Run with typical Finnish efficiency by Valtion Rautatiet (VR), trains run to most major cities in the south of the country, including Tampere and Turku and the coastal towns of Pori and Hanko.
However, the network shrinks noticeably once you head north of Oulu. In Finnish Lapland, the main hub is Rovaniemi, with limited services running north to Kolari and east to Kemijärvi. Wherever you go, you’ll enjoy views of rolling forests, glinting lakes and clusters of wooden cottages in a classic red and white Nordic color scheme. International services to Russia were suspended at the time of writing due to the conflict in Ukraine.
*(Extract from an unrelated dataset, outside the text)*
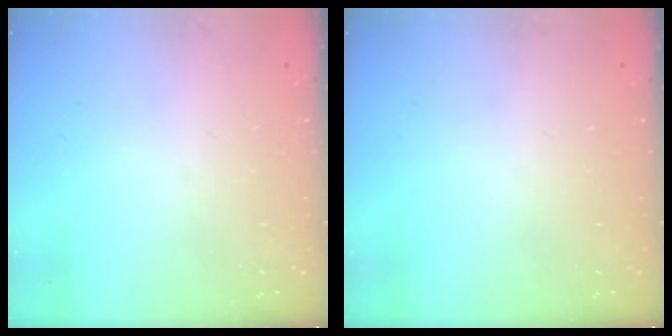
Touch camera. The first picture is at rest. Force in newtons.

High-speed vs regional trains
For quick cross-country journeys, look out for high-speed Pendolino trips between major cities or fast InterCity rides. Express and Regional trains are slower and stop at plenty of tiny stations in between the big hubs. For longer trips, sleeper trains offer a choice of comfy, airplane-style seats or sleeping berths in upstairs or downstairs cabins (head upstairs for in-cabin perks such as showers and toilets, at a higher price).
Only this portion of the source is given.